I respectfully request that you refrain from accusing me of 'drinking the koolaide' for looking at more than one source of information.

I think it is absurd to pass a law saying you can raise X, Y, and Z breeds of an animal but not M breed. but the person in charge of enforecing said policy has publicly stated that he would not attempt to sieze or destroy heritage breed swine. If that policy is not being followed then a concerned citezen should try to get attention drawn to the issue. If, however, you publish an article essentially accusing the enforcement personelle of genocide I do not think you will make anyone except a very small group of like minded citezens take serious notice.

I think that an article laying out the shortcomings of the bill in a clear, concise, non-inflamatory way would accomplish more than an article railing against the powers that be for being evil.

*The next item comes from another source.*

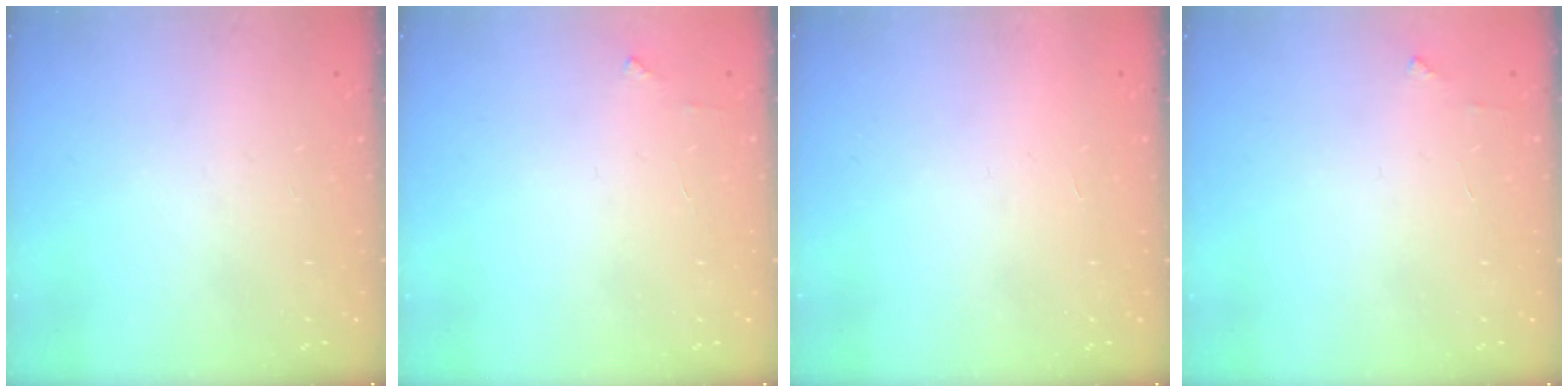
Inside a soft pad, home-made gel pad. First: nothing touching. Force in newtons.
{"total": 2.6, "press": 2.6, "slide": 0.2}
{"total": 1.7, "press": 1.7, "slide": 0.1}
{"total": 2.6, "press": 2.6, "slide": 0.2}

I'm a homebrewer and luckily I live in a state that is very willing to allow me to follow my hobby. However there are homebrewers in other states that break the law everytime they mash in. They are fighting these laws and in states where the laws are changing it is always because a well organized civil group of people go to the politicians and explain their concerns clearly. Laws get changed this way. Does it always work? no but it does sometimes. And calling people names rarely does.

I hope I have maintained a civil tongue in this response. I feel for those farmers that are suffering becuase of this law and, while I wish people would stop treating the rest of the animal world as chattle, I also wish that policy could be written in such a way as to be fair to people who are honestly trying to live in a good, contructive way.

**EDIT**

another thought. Could laws like this not be used to prevent the planting of GMO crops with potential for gene drift? very little is as invasive as a snip of germ plasm that can leap species lines and create 'super weeds' ehh?
Walter Jeffries


Joined: Nov 21, 2010
Posts: 893
    
  17
Don't over react or be so sensitive. I didn't accuse you of anything.
Jonathan Fuller


Joined: Feb 17, 2012
Posts: 29
Walter Jeffries wrote:Don't over react or be so sensitive. I didn't accuse you of anything.

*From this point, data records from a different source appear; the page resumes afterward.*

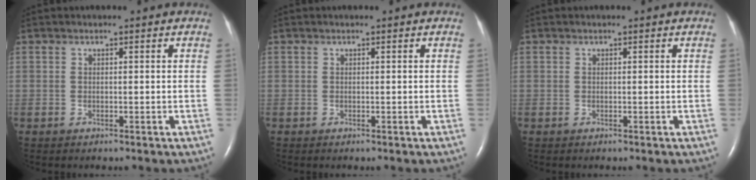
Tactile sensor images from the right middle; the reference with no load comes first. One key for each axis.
{"total": 0.0}
{"total": 0.0}
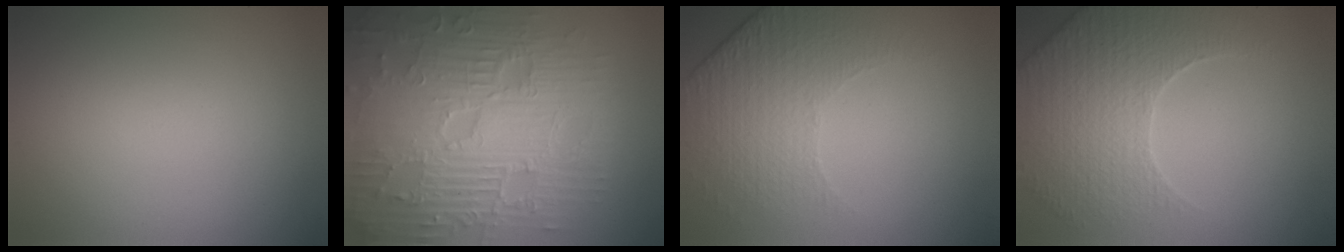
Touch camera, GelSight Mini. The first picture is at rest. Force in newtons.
{"total": 11.3, "press": 7.4, "slide": 8.6}
{"total": 4.7, "press": 3.1, "slide": 3.5}
{"total": 5.1, "press": 4.7, "slide": 2.1}

Okay, I obviously mistook the 'Beware of drinking the koolaid' comment as something you did not intend. apologies.

Ivan Weiss


Joined: Dec 19, 2009
Posts: 152
Location: Vashon WA, near Seattle and Tacoma

"Nor does the invasive species order, aimed at reducing Michigan's feral swine population, include domestic swine breeds such as those that have found a niche market among chefs and foodies."


Mark Baker of Bakers Green Acres begs to differ. His are the pigs in question, and he is telling us, in no uncertain terms, that the state of Michigan damn sure IS trying to put him out of the hog business.

I recommend reading Mark Baker's Web site and watching the various videos he has produced to support his position.


Pastured poultry, pork, and beef on Vashon Island, WA.
Ernie DeVore


Joined: Aug 19, 2012
Posts: 24

A feral pig is, by definition, one that is running wild. Since my pigs are not running wild they are domesticated pigs, not feral. Since they are not feral they are not under government jurisdiction or control.

If you're going to be a farmer or producer of any sort, the first thing you need to realize is that the government is not your friend. They don't like you. They hate you. They hate everything you do. They will prevent you from doing it if they can.

That said, don't let them know what you're doing. Don't register your livestock, don't invite the county extension agent to your property, don't interact with people who participate in government-sponsored agriculture. Keep a relatively low profile about what you do and ask nothing from the government.

Then when they show up at your home it will be as invaders, not business partners who have suddenly turned on you. You don't change government by teaching them. You change government by teaching people who will then change their government.